17 thoughts on “Writing Autism

    1. I don’t believe that they can’t – since I know NTs who do – I just think that for most people it just doesn’t occur to them that life can be different unless they engage with it. Everyone is restricted by their own theory of mind, just we have to confront our differences constantly, and they don’t. Of course you do get some people who simply don’t care, but there are far more who just don’t know.

      I am the eternal optimist!

      Liked by 2 people

      1. Your authentic perspective is wonderfully insightful. I am a mother of 3 boys, 2 of whom have autism. My middle son with ASD is 13 and is wrestling with his diagnosis and wanting to blend in with the “typicals ”. I think he is an amazing kid. I’m biased, of course …. I hope there comes a day when he can truly love and accept his mind for how it is. I love how he thinks and processes information. I wish he could see himself through my eyes.

        Liked by 2 people

        1. That’s so lovely to hear, Sarah. Having a parent love you for who you are and want you to be your authentic self can make all the difference in the world. Being 13 is hard, the last thing you want is to stand out, it can be so difficult to embrace what makes you brilliant 💐

          Liked by 1 person

  1. I actually wrote a poem called “We Can Do Better”. Not just when it comes to autism, but with everything.
    There is one thing I have noticed that is accurate about the portrayal of autistic characters- a complete irreverance towards racial differences. I feel this way myself. I notice societal attitudes towards difference, not the outside view of a person. Whatever the race or gender, a bully is a bully. I do
    think it’s high time the fourth wall of discrimination was knocked down. Ableism is every bit as wrong as racism, sexism or homophobia. That’s the sort of autistic hero we need: the kind who is fighting to end ableism. And yes, race and gender are totally irrelevant.

    Liked by 3 people

  2. Hi Rhi, brilliant post. As I was reading, I was saying, yes, yes, yes! Thank you so much for being an advocate, for speaking with truth and clarity, but most of all, for keeping alive the hope that we can do better if we just listen and engage with each other.

    Liked by 1 person

  3. Great post. Thanks for helping those, who attempt to write about disability but are not themselves disabled, to better understand where they are likely to go wrong. Even (and often, especially) if they follow the best of literary/cinematic/visual art traditions.

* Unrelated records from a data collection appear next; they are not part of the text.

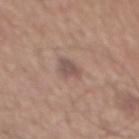Assessment: This lesion was catalogued during total-body skin photography and was not selected for biopsy. Acquisition and patient details: The patient is a male approximately 65 years of age. Located on the mid back. A close-up tile cropped from a whole-body skin photograph, about 15 mm across. This is a white-light tile.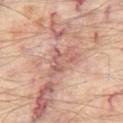Imaged during a routine full-body skin examination; the lesion was not biopsied and no histopathology is available. On the leg. A subject roughly 55 years of age. A 15 mm close-up extracted from a 3D total-body photography capture. This is a cross-polarized tile. Approximately 4 mm at its widest.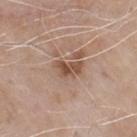{
  "biopsy_status": "not biopsied; imaged during a skin examination",
  "patient": {
    "sex": "male",
    "age_approx": 75
  },
  "site": "chest",
  "lesion_size": {
    "long_diameter_mm_approx": 3.0
  },
  "image": {
    "source": "total-body photography crop",
    "field_of_view_mm": 15
  },
  "lighting": "white-light",
  "automated_metrics": {
    "area_mm2_approx": 5.0,
    "eccentricity": 0.8,
    "shape_asymmetry": 0.45,
    "cielab_L": 51,
    "cielab_a": 19,
    "cielab_b": 29,
    "nevus_likeness_0_100": 15,
    "lesion_detection_confidence_0_100": 100
  }
}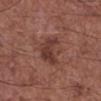Q: Was this lesion biopsied?
A: no biopsy performed (imaged during a skin exam)
Q: What kind of image is this?
A: ~15 mm crop, total-body skin-cancer survey
Q: What is the lesion's diameter?
A: about 4 mm
Q: Patient demographics?
A: male, in their mid-60s
Q: What did automated image analysis measure?
A: an outline eccentricity of about 0.2 (0 = round, 1 = elongated) and a shape-asymmetry score of about 0.3 (0 = symmetric); an average lesion color of about L≈38 a*≈22 b*≈24 (CIELAB) and about 8 CIELAB-L* units darker than the surrounding skin; a within-lesion color-variation index near 4.5/10
Q: How was the tile lit?
A: white-light illumination
Q: Where on the body is the lesion?
A: the right lower leg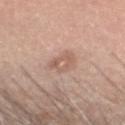– biopsy status — imaged on a skin check; not biopsied
– body site — the head or neck
– image — ~15 mm tile from a whole-body skin photo
– tile lighting — white-light illumination
– subject — male, about 60 years old
– size — ~2.5 mm (longest diameter)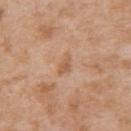Clinical impression: Recorded during total-body skin imaging; not selected for excision or biopsy. Background: A female patient aged approximately 40. A region of skin cropped from a whole-body photographic capture, roughly 15 mm wide. The lesion is on the upper back.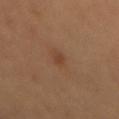Part of a total-body skin-imaging series; this lesion was reviewed on a skin check and was not flagged for biopsy.
A lesion tile, about 15 mm wide, cut from a 3D total-body photograph.
The tile uses cross-polarized illumination.
From the back.
Automated tile analysis of the lesion measured a mean CIELAB color near L≈40 a*≈21 b*≈30 and a normalized border contrast of about 6. It also reported border irregularity of about 2.5 on a 0–10 scale, a color-variation rating of about 0/10, and radial color variation of about 0.
Longest diameter approximately 2 mm.
A female patient.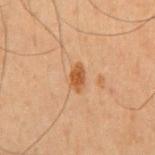| feature | finding |
|---|---|
| patient | male, aged around 50 |
| lesion diameter | ≈3 mm |
| tile lighting | cross-polarized |
| body site | the chest |
| acquisition | ~15 mm crop, total-body skin-cancer survey |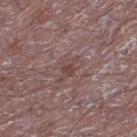{
  "biopsy_status": "not biopsied; imaged during a skin examination",
  "automated_metrics": {
    "vs_skin_darker_L": 7.0,
    "vs_skin_contrast_norm": 6.0,
    "nevus_likeness_0_100": 0
  },
  "lighting": "white-light",
  "image": {
    "source": "total-body photography crop",
    "field_of_view_mm": 15
  },
  "lesion_size": {
    "long_diameter_mm_approx": 3.5
  },
  "patient": {
    "sex": "male",
    "age_approx": 50
  },
  "site": "leg"
}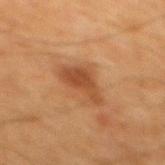Clinical impression:
The lesion was photographed on a routine skin check and not biopsied; there is no pathology result.
Acquisition and patient details:
The patient is a male about 65 years old. Automated image analysis of the tile measured a footprint of about 9.5 mm². And it measured a border-irregularity index near 4/10, internal color variation of about 2.5 on a 0–10 scale, and radial color variation of about 1. Measured at roughly 5 mm in maximum diameter. The tile uses cross-polarized illumination. Located on the mid back. A roughly 15 mm field-of-view crop from a total-body skin photograph.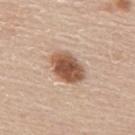Clinical impression:
Imaged during a routine full-body skin examination; the lesion was not biopsied and no histopathology is available.
Background:
On the upper back. A male subject, about 60 years old. Approximately 4.5 mm at its widest. Cropped from a whole-body photographic skin survey; the tile spans about 15 mm.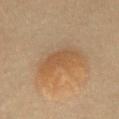biopsy_status: not biopsied; imaged during a skin examination
lighting: cross-polarized
image:
  source: total-body photography crop
  field_of_view_mm: 15
lesion_size:
  long_diameter_mm_approx: 5.0
site: chest
patient:
  sex: female
  age_approx: 60
automated_metrics:
  cielab_L: 48
  cielab_a: 17
  cielab_b: 34
  vs_skin_darker_L: 6.0
  vs_skin_contrast_norm: 5.0
  border_irregularity_0_10: 4.0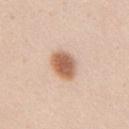Q: Was this lesion biopsied?
A: total-body-photography surveillance lesion; no biopsy
Q: How was this image acquired?
A: ~15 mm tile from a whole-body skin photo
Q: What is the anatomic site?
A: the right upper arm
Q: Patient demographics?
A: female, approximately 20 years of age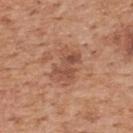Captured during whole-body skin photography for melanoma surveillance; the lesion was not biopsied.
A male subject aged 58–62.
Longest diameter approximately 4 mm.
Captured under white-light illumination.
A roughly 15 mm field-of-view crop from a total-body skin photograph.
The lesion is on the upper back.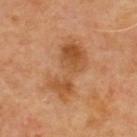notes: catalogued during a skin exam; not biopsied
location: the upper back
imaging modality: ~15 mm tile from a whole-body skin photo
subject: male, approximately 70 years of age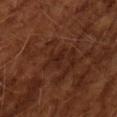Clinical impression: The lesion was photographed on a routine skin check and not biopsied; there is no pathology result. Clinical summary: This is a cross-polarized tile. The total-body-photography lesion software estimated an area of roughly 3 mm², an outline eccentricity of about 0.8 (0 = round, 1 = elongated), and a shape-asymmetry score of about 0.55 (0 = symmetric). The analysis additionally found a lesion color around L≈22 a*≈21 b*≈24 in CIELAB, about 5 CIELAB-L* units darker than the surrounding skin, and a lesion-to-skin contrast of about 5.5 (normalized; higher = more distinct). And it measured a border-irregularity rating of about 5.5/10 and a within-lesion color-variation index near 1/10. It also reported an automated nevus-likeness rating near 0 out of 100 and a detector confidence of about 95 out of 100 that the crop contains a lesion. A male patient aged around 65. About 3 mm across. A 15 mm crop from a total-body photograph taken for skin-cancer surveillance.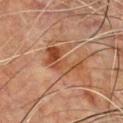biopsy status=no biopsy performed (imaged during a skin exam)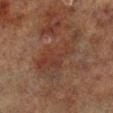Assessment: The lesion was tiled from a total-body skin photograph and was not biopsied. Image and clinical context: Automated tile analysis of the lesion measured a lesion color around L≈30 a*≈17 b*≈23 in CIELAB, about 5 CIELAB-L* units darker than the surrounding skin, and a lesion-to-skin contrast of about 5.5 (normalized; higher = more distinct). The software also gave a border-irregularity index near 6.5/10, internal color variation of about 4 on a 0–10 scale, and radial color variation of about 1.5. The software also gave lesion-presence confidence of about 100/100. Measured at roughly 7 mm in maximum diameter. The tile uses cross-polarized illumination. The lesion is located on the right lower leg. A male subject, roughly 70 years of age. Cropped from a whole-body photographic skin survey; the tile spans about 15 mm.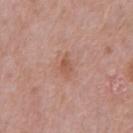Assessment:
No biopsy was performed on this lesion — it was imaged during a full skin examination and was not determined to be concerning.
Background:
The tile uses white-light illumination. A lesion tile, about 15 mm wide, cut from a 3D total-body photograph. The subject is a male aged around 70. The total-body-photography lesion software estimated a footprint of about 3.5 mm², an eccentricity of roughly 0.8, and two-axis asymmetry of about 0.35. The software also gave border irregularity of about 3 on a 0–10 scale, a within-lesion color-variation index near 2/10, and radial color variation of about 1. And it measured a nevus-likeness score of about 0/100 and lesion-presence confidence of about 100/100. The lesion is on the front of the torso. Approximately 2.5 mm at its widest.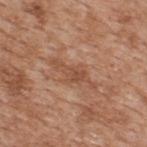Automated image analysis of the tile measured a footprint of about 7.5 mm², an eccentricity of roughly 0.95, and a shape-asymmetry score of about 0.35 (0 = symmetric). And it measured about 8 CIELAB-L* units darker than the surrounding skin and a normalized border contrast of about 5.5. And it measured a border-irregularity index near 6/10 and a color-variation rating of about 2.5/10. The analysis additionally found an automated nevus-likeness rating near 0 out of 100. A male patient, aged approximately 65. Longest diameter approximately 5.5 mm. From the back. A 15 mm close-up tile from a total-body photography series done for melanoma screening. Captured under white-light illumination.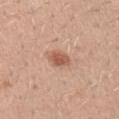- notes: no biopsy performed (imaged during a skin exam)
- site: the left upper arm
- patient: male, about 30 years old
- acquisition: total-body-photography crop, ~15 mm field of view
- tile lighting: white-light illumination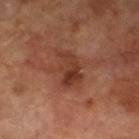Context: Automated tile analysis of the lesion measured a footprint of about 9 mm², an eccentricity of roughly 0.75, and a symmetry-axis asymmetry near 0.4. And it measured an automated nevus-likeness rating near 5 out of 100 and a lesion-detection confidence of about 100/100. The lesion is located on the left lower leg. The subject is a male aged around 70. The tile uses cross-polarized illumination. A region of skin cropped from a whole-body photographic capture, roughly 15 mm wide. Longest diameter approximately 4 mm.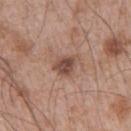Captured during whole-body skin photography for melanoma surveillance; the lesion was not biopsied.
The subject is a male aged approximately 65.
This image is a 15 mm lesion crop taken from a total-body photograph.
About 3 mm across.
From the arm.
This is a white-light tile.
An algorithmic analysis of the crop reported an average lesion color of about L≈48 a*≈19 b*≈26 (CIELAB) and a normalized border contrast of about 8.5. It also reported a color-variation rating of about 3.5/10 and radial color variation of about 1. The analysis additionally found a lesion-detection confidence of about 100/100.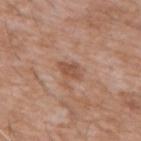Q: Was a biopsy performed?
A: catalogued during a skin exam; not biopsied
Q: What kind of image is this?
A: 15 mm crop, total-body photography
Q: How was the tile lit?
A: white-light illumination
Q: Who is the patient?
A: male, in their 60s
Q: Lesion location?
A: the chest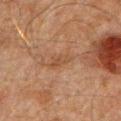workup: no biopsy performed (imaged during a skin exam)
patient: male, roughly 60 years of age
diameter: ≈3.5 mm
imaging modality: total-body-photography crop, ~15 mm field of view
lighting: cross-polarized illumination
anatomic site: the chest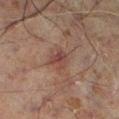patient — male, about 60 years old | imaging modality — 15 mm crop, total-body photography | location — the left lower leg.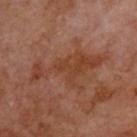Clinical impression:
The lesion was tiled from a total-body skin photograph and was not biopsied.
Context:
Automated tile analysis of the lesion measured a border-irregularity rating of about 9/10, a within-lesion color-variation index near 2.5/10, and radial color variation of about 0.5. It also reported lesion-presence confidence of about 95/100. Cropped from a total-body skin-imaging series; the visible field is about 15 mm. From the upper back. Imaged with cross-polarized lighting. A male patient aged around 70.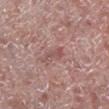biopsy status=total-body-photography surveillance lesion; no biopsy | lighting=white-light | size=≈3 mm | automated lesion analysis=a classifier nevus-likeness of about 0/100 and a detector confidence of about 95 out of 100 that the crop contains a lesion | image=~15 mm tile from a whole-body skin photo | location=the right lower leg | patient=male, in their mid-60s.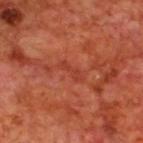This lesion was catalogued during total-body skin photography and was not selected for biopsy.
A male subject, aged 68–72.
The tile uses cross-polarized illumination.
The lesion's longest dimension is about 3 mm.
The lesion is on the upper back.
The total-body-photography lesion software estimated a border-irregularity rating of about 4/10, internal color variation of about 0 on a 0–10 scale, and a peripheral color-asymmetry measure near 0. The analysis additionally found a detector confidence of about 95 out of 100 that the crop contains a lesion.
A lesion tile, about 15 mm wide, cut from a 3D total-body photograph.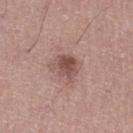  biopsy_status: not biopsied; imaged during a skin examination
  patient:
    sex: male
    age_approx: 45
  lesion_size:
    long_diameter_mm_approx: 3.0
  site: left lower leg
  image:
    source: total-body photography crop
    field_of_view_mm: 15
  lighting: white-light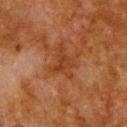| key | value |
|---|---|
| workup | total-body-photography surveillance lesion; no biopsy |
| lesion diameter | ~3.5 mm (longest diameter) |
| acquisition | ~15 mm crop, total-body skin-cancer survey |
| tile lighting | cross-polarized illumination |
| body site | the upper back |
| subject | male, aged 78 to 82 |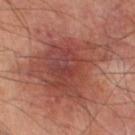notes=no biopsy performed (imaged during a skin exam) | lighting=cross-polarized illumination | image source=~15 mm tile from a whole-body skin photo | lesion size=~9 mm (longest diameter) | automated lesion analysis=a border-irregularity index near 5/10, internal color variation of about 6 on a 0–10 scale, and radial color variation of about 1.5 | subject=male, aged 63 to 67 | anatomic site=the left lower leg.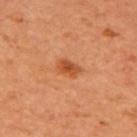The lesion was tiled from a total-body skin photograph and was not biopsied. The tile uses cross-polarized illumination. The subject is female. The lesion is on the upper back. A region of skin cropped from a whole-body photographic capture, roughly 15 mm wide. Automated image analysis of the tile measured an area of roughly 4.5 mm², a shape eccentricity near 0.8, and a shape-asymmetry score of about 0.2 (0 = symmetric). And it measured a within-lesion color-variation index near 3.5/10 and a peripheral color-asymmetry measure near 1.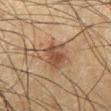| feature | finding |
|---|---|
| image source | ~15 mm crop, total-body skin-cancer survey |
| anatomic site | the right lower leg |
| subject | male, aged around 35 |
| lighting | cross-polarized illumination |
| automated lesion analysis | a footprint of about 7 mm²; roughly 10 lightness units darker than nearby skin and a normalized border contrast of about 8 |
| diameter | about 3.5 mm |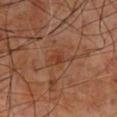Imaged during a routine full-body skin examination; the lesion was not biopsied and no histopathology is available. The tile uses cross-polarized illumination. A close-up tile cropped from a whole-body skin photograph, about 15 mm across. The lesion is on the mid back. The patient is a male roughly 60 years of age. Approximately 3.5 mm at its widest.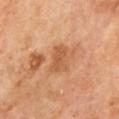The lesion was tiled from a total-body skin photograph and was not biopsied. The lesion's longest dimension is about 3 mm. A 15 mm close-up extracted from a 3D total-body photography capture. A male patient, aged around 70. Imaged with cross-polarized lighting. On the mid back. The lesion-visualizer software estimated a classifier nevus-likeness of about 0/100 and a detector confidence of about 100 out of 100 that the crop contains a lesion.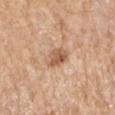Clinical impression:
The lesion was photographed on a routine skin check and not biopsied; there is no pathology result.
Background:
The patient is a female about 75 years old. From the right upper arm. Captured under white-light illumination. Cropped from a total-body skin-imaging series; the visible field is about 15 mm. The recorded lesion diameter is about 3 mm.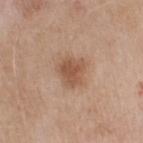{
  "biopsy_status": "not biopsied; imaged during a skin examination",
  "image": {
    "source": "total-body photography crop",
    "field_of_view_mm": 15
  },
  "site": "arm",
  "patient": {
    "sex": "female",
    "age_approx": 55
  }
}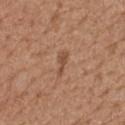This lesion was catalogued during total-body skin photography and was not selected for biopsy. A female subject aged approximately 70. From the upper back. A roughly 15 mm field-of-view crop from a total-body skin photograph.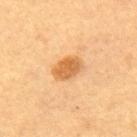Part of a total-body skin-imaging series; this lesion was reviewed on a skin check and was not flagged for biopsy. The tile uses cross-polarized illumination. A close-up tile cropped from a whole-body skin photograph, about 15 mm across. The recorded lesion diameter is about 3.5 mm. From the upper back. A female patient, aged 58 to 62.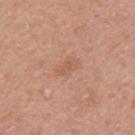notes — total-body-photography surveillance lesion; no biopsy
anatomic site — the arm
lighting — white-light illumination
subject — female, roughly 40 years of age
image source — ~15 mm crop, total-body skin-cancer survey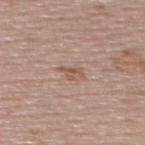Imaged during a routine full-body skin examination; the lesion was not biopsied and no histopathology is available. Measured at roughly 2.5 mm in maximum diameter. A roughly 15 mm field-of-view crop from a total-body skin photograph. Located on the upper back. A female subject, roughly 55 years of age. An algorithmic analysis of the crop reported a lesion area of about 3 mm² and a shape-asymmetry score of about 0.45 (0 = symmetric). It also reported about 8 CIELAB-L* units darker than the surrounding skin and a lesion-to-skin contrast of about 6 (normalized; higher = more distinct). The analysis additionally found border irregularity of about 5.5 on a 0–10 scale, internal color variation of about 0 on a 0–10 scale, and radial color variation of about 0.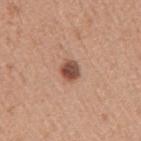This lesion was catalogued during total-body skin photography and was not selected for biopsy.
Automated tile analysis of the lesion measured a lesion–skin lightness drop of about 15 and a normalized lesion–skin contrast near 10.5. The software also gave a nevus-likeness score of about 95/100 and lesion-presence confidence of about 100/100.
A male subject, aged approximately 40.
On the arm.
A 15 mm crop from a total-body photograph taken for skin-cancer surveillance.
Approximately 2.5 mm at its widest.
This is a white-light tile.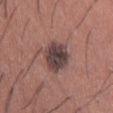The lesion was tiled from a total-body skin photograph and was not biopsied. The subject is a male aged 43 to 47. Captured under white-light illumination. The lesion is on the right thigh. Measured at roughly 4.5 mm in maximum diameter. A lesion tile, about 15 mm wide, cut from a 3D total-body photograph. Automated image analysis of the tile measured border irregularity of about 1.5 on a 0–10 scale, internal color variation of about 4.5 on a 0–10 scale, and peripheral color asymmetry of about 1.5. And it measured a nevus-likeness score of about 55/100 and lesion-presence confidence of about 100/100.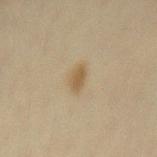<lesion>
  <biopsy_status>not biopsied; imaged during a skin examination</biopsy_status>
  <automated_metrics>
    <area_mm2_approx>4.0</area_mm2_approx>
    <eccentricity>0.75</eccentricity>
    <shape_asymmetry>0.15</shape_asymmetry>
    <nevus_likeness_0_100>90</nevus_likeness_0_100>
    <lesion_detection_confidence_0_100>100</lesion_detection_confidence_0_100>
  </automated_metrics>
  <image>
    <source>total-body photography crop</source>
    <field_of_view_mm>15</field_of_view_mm>
  </image>
  <patient>
    <sex>female</sex>
    <age_approx>45</age_approx>
  </patient>
  <site>mid back</site>
  <lesion_size>
    <long_diameter_mm_approx>2.5</long_diameter_mm_approx>
  </lesion_size>
</lesion>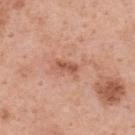Notes:
– notes — no biopsy performed (imaged during a skin exam)
– body site — the upper back
– illumination — white-light
– subject — female, aged 48 to 52
– size — about 2.5 mm
– imaging modality — 15 mm crop, total-body photography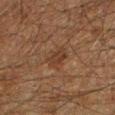Assessment: This lesion was catalogued during total-body skin photography and was not selected for biopsy. Clinical summary: The lesion is on the left lower leg. About 3 mm across. A roughly 15 mm field-of-view crop from a total-body skin photograph. This is a cross-polarized tile. A male patient aged 58–62.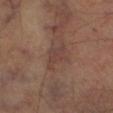Captured during whole-body skin photography for melanoma surveillance; the lesion was not biopsied.
Imaged with cross-polarized lighting.
Longest diameter approximately 3.5 mm.
The patient is a male aged 58 to 62.
A lesion tile, about 15 mm wide, cut from a 3D total-body photograph.
Automated image analysis of the tile measured a lesion area of about 5 mm², an outline eccentricity of about 0.8 (0 = round, 1 = elongated), and two-axis asymmetry of about 0.45. And it measured a lesion color around L≈38 a*≈18 b*≈22 in CIELAB, roughly 6 lightness units darker than nearby skin, and a lesion-to-skin contrast of about 5.5 (normalized; higher = more distinct). It also reported border irregularity of about 5 on a 0–10 scale, internal color variation of about 2.5 on a 0–10 scale, and radial color variation of about 1.
The lesion is located on the leg.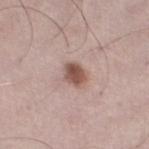– notes: total-body-photography surveillance lesion; no biopsy
– subject: male, aged approximately 50
– size: ≈2.5 mm
– site: the leg
– image source: total-body-photography crop, ~15 mm field of view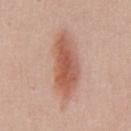Captured during whole-body skin photography for melanoma surveillance; the lesion was not biopsied. The tile uses white-light illumination. Cropped from a total-body skin-imaging series; the visible field is about 15 mm. Automated tile analysis of the lesion measured a classifier nevus-likeness of about 100/100 and lesion-presence confidence of about 100/100. A male patient, aged 58–62. The lesion is located on the abdomen. Longest diameter approximately 7.5 mm.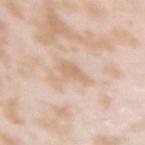<lesion>
<biopsy_status>not biopsied; imaged during a skin examination</biopsy_status>
<lighting>white-light</lighting>
<image>
  <source>total-body photography crop</source>
  <field_of_view_mm>15</field_of_view_mm>
</image>
<site>right upper arm</site>
<patient>
  <sex>female</sex>
  <age_approx>25</age_approx>
</patient>
<lesion_size>
  <long_diameter_mm_approx>3.0</long_diameter_mm_approx>
</lesion_size>
</lesion>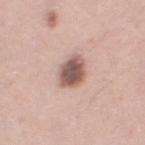The lesion was tiled from a total-body skin photograph and was not biopsied. The subject is a female aged approximately 40. About 3.5 mm across. This image is a 15 mm lesion crop taken from a total-body photograph. Imaged with white-light lighting. From the left thigh.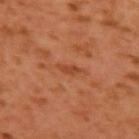biopsy status: catalogued during a skin exam; not biopsied
acquisition: 15 mm crop, total-body photography
subject: male, aged approximately 60
lighting: cross-polarized
anatomic site: the arm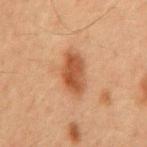Impression:
Recorded during total-body skin imaging; not selected for excision or biopsy.
Context:
A male subject, in their mid- to late 60s. The tile uses cross-polarized illumination. From the mid back. Approximately 5.5 mm at its widest. Cropped from a total-body skin-imaging series; the visible field is about 15 mm.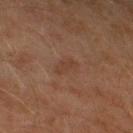This lesion was catalogued during total-body skin photography and was not selected for biopsy.
The patient is a male aged 58 to 62.
About 2.5 mm across.
The total-body-photography lesion software estimated a nevus-likeness score of about 15/100 and lesion-presence confidence of about 100/100.
The lesion is located on the right thigh.
Imaged with cross-polarized lighting.
Cropped from a whole-body photographic skin survey; the tile spans about 15 mm.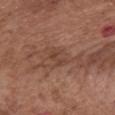Q: Was a biopsy performed?
A: total-body-photography surveillance lesion; no biopsy
Q: Automated lesion metrics?
A: an area of roughly 3.5 mm², an eccentricity of roughly 0.75, and two-axis asymmetry of about 0.45; a lesion–skin lightness drop of about 6 and a lesion-to-skin contrast of about 5.5 (normalized; higher = more distinct)
Q: What is the imaging modality?
A: 15 mm crop, total-body photography
Q: What is the anatomic site?
A: the front of the torso
Q: Illumination type?
A: white-light illumination
Q: What is the lesion's diameter?
A: ≈2.5 mm
Q: Who is the patient?
A: female, in their mid- to late 70s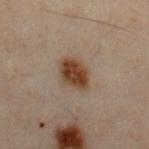biopsy status: imaged on a skin check; not biopsied
patient: male, about 50 years old
acquisition: ~15 mm tile from a whole-body skin photo
body site: the chest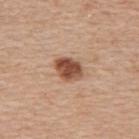subject: female, aged 48–52; size: about 3 mm; image source: 15 mm crop, total-body photography; location: the upper back.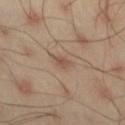– follow-up: catalogued during a skin exam; not biopsied
– illumination: cross-polarized illumination
– subject: male, roughly 45 years of age
– TBP lesion metrics: a mean CIELAB color near L≈50 a*≈17 b*≈26; an automated nevus-likeness rating near 5 out of 100 and a lesion-detection confidence of about 100/100
– image source: 15 mm crop, total-body photography
– lesion diameter: ~2.5 mm (longest diameter)
– site: the right thigh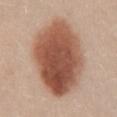Findings:
– follow-up: no biopsy performed (imaged during a skin exam)
– diameter: ~10 mm (longest diameter)
– image-analysis metrics: a symmetry-axis asymmetry near 0.1; a lesion–skin lightness drop of about 17 and a normalized lesion–skin contrast near 11
– body site: the lower back
– acquisition: ~15 mm crop, total-body skin-cancer survey
– subject: female, roughly 20 years of age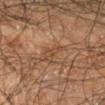The lesion was photographed on a routine skin check and not biopsied; there is no pathology result.
A male patient roughly 55 years of age.
This is a cross-polarized tile.
Automated tile analysis of the lesion measured a lesion area of about 2.5 mm² and a shape eccentricity near 0.95. And it measured a lesion-detection confidence of about 65/100.
Cropped from a whole-body photographic skin survey; the tile spans about 15 mm.
Measured at roughly 3 mm in maximum diameter.
Located on the arm.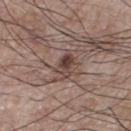Imaged during a routine full-body skin examination; the lesion was not biopsied and no histopathology is available. On the chest. A male subject in their mid-70s. About 3 mm across. Imaged with white-light lighting. A 15 mm close-up tile from a total-body photography series done for melanoma screening.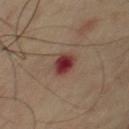This lesion was catalogued during total-body skin photography and was not selected for biopsy.
The lesion's longest dimension is about 3 mm.
This image is a 15 mm lesion crop taken from a total-body photograph.
The lesion is located on the chest.
The total-body-photography lesion software estimated a shape eccentricity near 0.75 and a shape-asymmetry score of about 0.1 (0 = symmetric). It also reported a lesion-detection confidence of about 100/100.
A male patient, aged approximately 70.
This is a cross-polarized tile.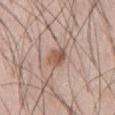notes=total-body-photography surveillance lesion; no biopsy | acquisition=15 mm crop, total-body photography | anatomic site=the abdomen | automated lesion analysis=a shape eccentricity near 0.65 and two-axis asymmetry of about 0.3; border irregularity of about 3 on a 0–10 scale, internal color variation of about 3 on a 0–10 scale, and peripheral color asymmetry of about 1.5; an automated nevus-likeness rating near 95 out of 100 and lesion-presence confidence of about 100/100 | diameter=~3 mm (longest diameter) | illumination=white-light illumination | patient=male, roughly 60 years of age.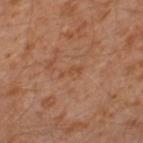biopsy_status: not biopsied; imaged during a skin examination
patient:
  sex: male
  age_approx: 30
lighting: cross-polarized
site: left thigh
image:
  source: total-body photography crop
  field_of_view_mm: 15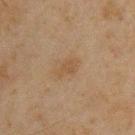Q: Was this lesion biopsied?
A: imaged on a skin check; not biopsied
Q: Where on the body is the lesion?
A: the chest
Q: How large is the lesion?
A: about 3 mm
Q: Patient demographics?
A: male, aged around 45
Q: How was this image acquired?
A: ~15 mm crop, total-body skin-cancer survey
Q: How was the tile lit?
A: cross-polarized illumination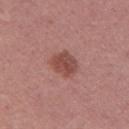Case summary:
* biopsy status · no biopsy performed (imaged during a skin exam)
* lesion size · ≈3 mm
* TBP lesion metrics · a shape eccentricity near 0.5 and two-axis asymmetry of about 0.15; a within-lesion color-variation index near 3.5/10 and a peripheral color-asymmetry measure near 1; a nevus-likeness score of about 75/100 and a detector confidence of about 100 out of 100 that the crop contains a lesion
* location · the right upper arm
* imaging modality · ~15 mm tile from a whole-body skin photo
* tile lighting · white-light illumination
* subject · female, approximately 50 years of age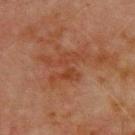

    You are charting treacherous territory for us, territory we do not completely understand as outsiders, territory full of landmines that can blow up in our faces, or, worse, harm those we seek to respect and support.

    And I appreciate your compassionate attitude, as a parent myself. The autistic experience is for sure a difficult one, but to a lesser degree, so is the experience of the autistic parent. And neither one’s account should nullify the value of the other’s experience.

    Liked by 1 person

    1. Thank you. I agree. We all have stories to tell and experiences to share, and it’s so important that we all feel heard. We are all trying to find our ways and the only way forward is to listen to each other. Sometimes we will miscommunicate, sometimes we will make mistakes, sometimes we will feel frustrated, but the second we stop listening it all becomes impossible. We all have our own battles to fight and we all deserve compassion 💐

      Liked by 1 person

      1. One other thing I would like to add is that ableism should be a sackable offence, just like every other form of discrimination. Anyone who believes ableism is wrong needs to call it out and tear any offenders a new one. Now there’s something I would like to see in fictional portrayals of autism. Whether an ableist bigot says something inappropriate, have someone give them a dressing-down and say “I will report you to the anti-discrimination board for that”.